What I really think is that most humans have never had meaning. They’ve just been too busy surviving to stop and think about it. When societies get rich enough to afford time to think and universal literacy to discuss then we start noticing that life is “meaningless” and discussing the metaphysical emptiness that was always there below the surface.
Huxley’s brave new world is accurate but is neither brave nor new.
You always get a faction that thinks the absence of such discourse in the past meant we had meaning back then. They’re wrong.
Going back in time to when we were still deeply embedded in the “power process” or whatever you call it is no different from drowning yourself in TikTok or MMORPGs. It’s just another way to stop thinking about big deep questions that in fact have never been solved.
We do not truly know what we are, where we came from, if we truly have any “purpose” beyond just catalyzing the dissipation of energy, whether consciousness ends at death or has some eternal component, etc. We can have various religious and spiritual faiths but these do not come with proof. The honest ones tell you that up front.
Becoming too busy to care, whether in the old traditional way or some new way, does not change this.
"But the power process is just a game, or perhaps more accurately a built in biological addiction to games that caused us to pass on our genes in the past. Why is it truly metaphysically better than, say, racking up Reddit karma?" Because it gives us psychological fulfilment. We are conditioned through millions of years of evolution to find it psychologically fulfilling. That's the point. His argument is that living a life that may be less physically secure, but psychologically fulfilling is a better life to live. That's why it's better.
"But why is the struggle for survival better? Isn’t it just another game?" The reason why the struggle for survival is better is because that is what we are psychologically predisposed to be fulfilled by. Millions of years of evolution have created reward pathways and we get deep fulfillment from these goals, and community. Not all games are the same when it comes to how it affects us psychologically.
>> What would it even mean to escape the “system?” How can you do that except death? If you are breathing you are playing some kind of game.
I think yogic/buddhist enlightenment or nirvana is freedom from constraints due to nature.. the solution (as far as I understand) is essentially a state like death or physical non-existence but somehow still fully conscious and absolutely blissful
The blog doesn't condone the bombings or the violence. It talks about Kaczynski writings. For you, this is equivalent to glorifying a murderer. Wow, this is some poor comprehension.

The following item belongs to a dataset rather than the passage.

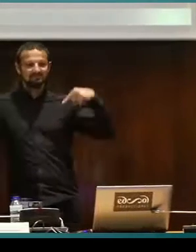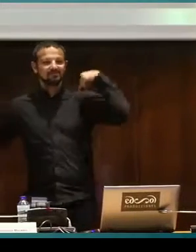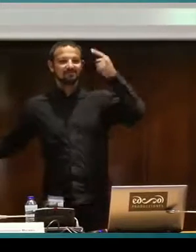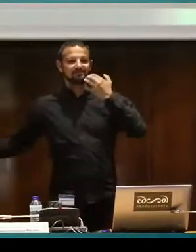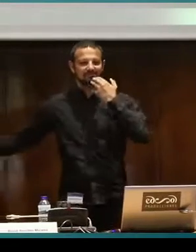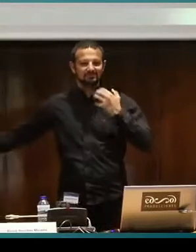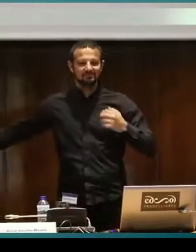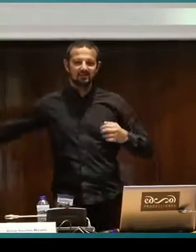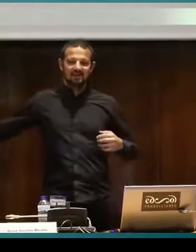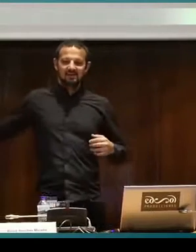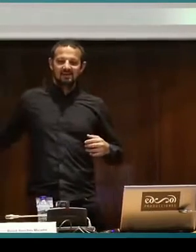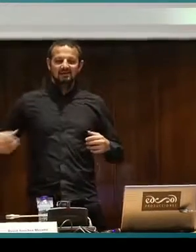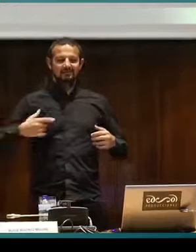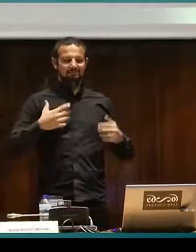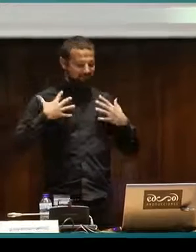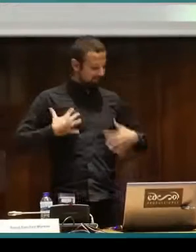Gracias.
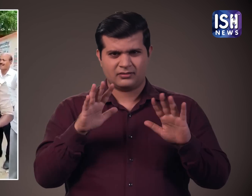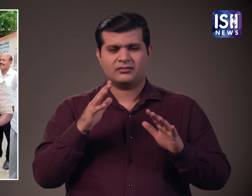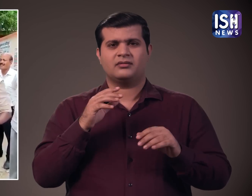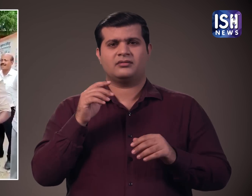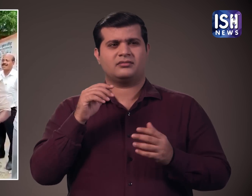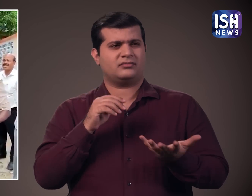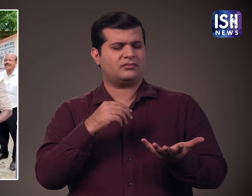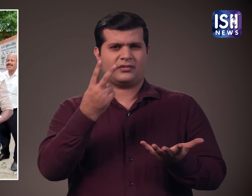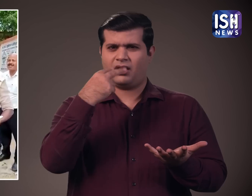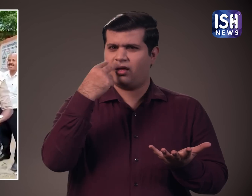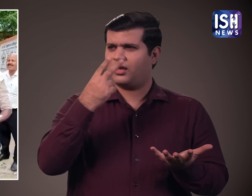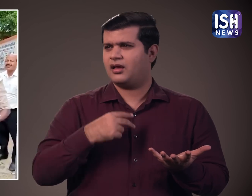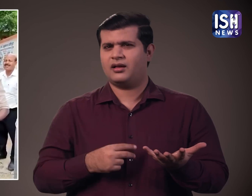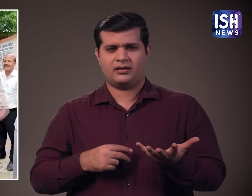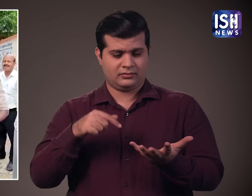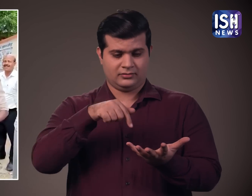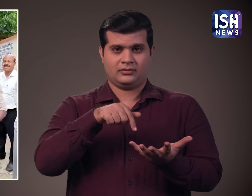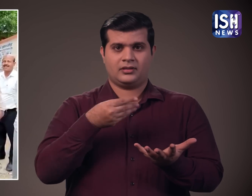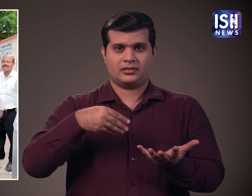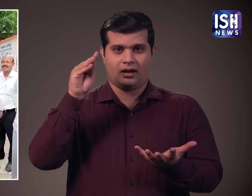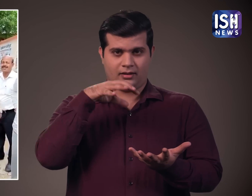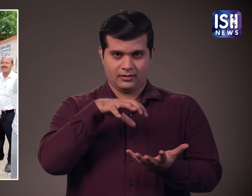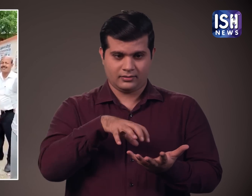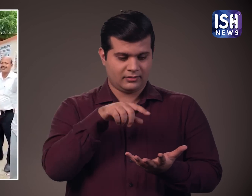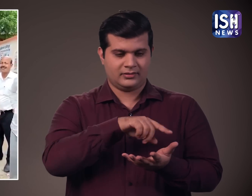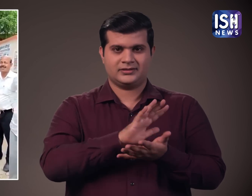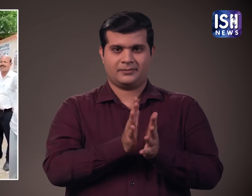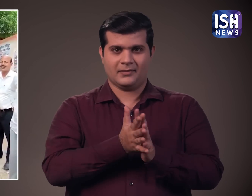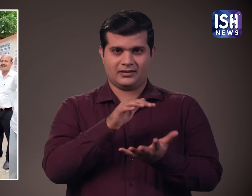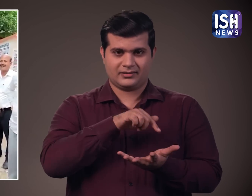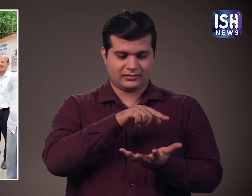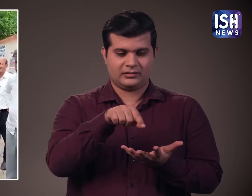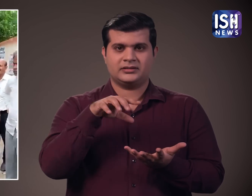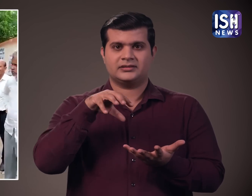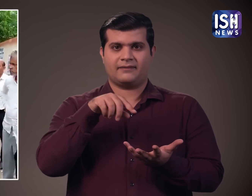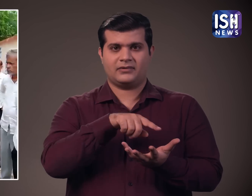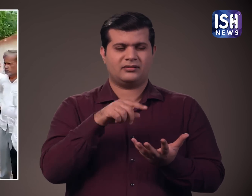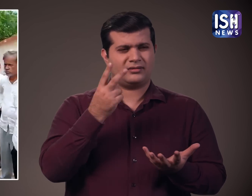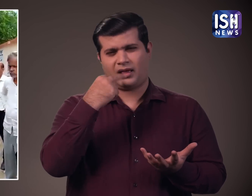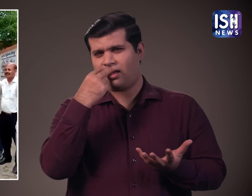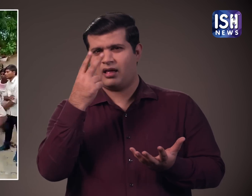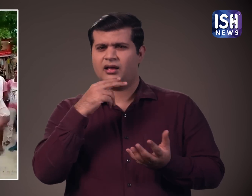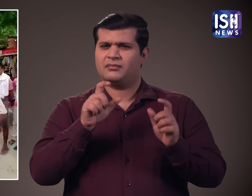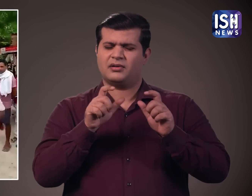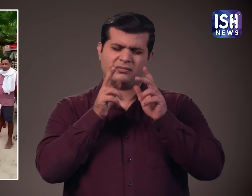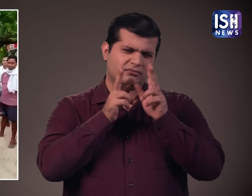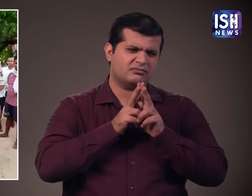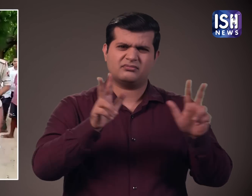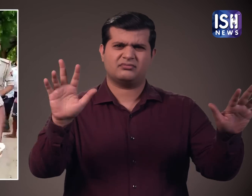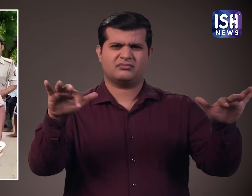जहां उनके हाथ में खाने की थाली है जिसमें दाल, रोटी और चावल शामिल थे वह थाली पकड़ कर रो रहा था वह

I listen to all sorts of music and I love them. More often than not the artists are degenerates and drug addicts. I hate it but I can still enjoy the genius of their music. For example, Nirvana. Kurt committed suicide but his music is genius. Does not mean i gloirfy suicide or worship Kurt.
> The blog doesn't condone the bombings or the violence. It talks about Kaczynski writings. For you, this is equivalent to glorifying a murderer. Wow, this is some poor comprehension.
I think this might be a part of what Ted was talking about.
Ted was actually a very interesting thinker, very underrated in my opinion, and definitely misrepresented.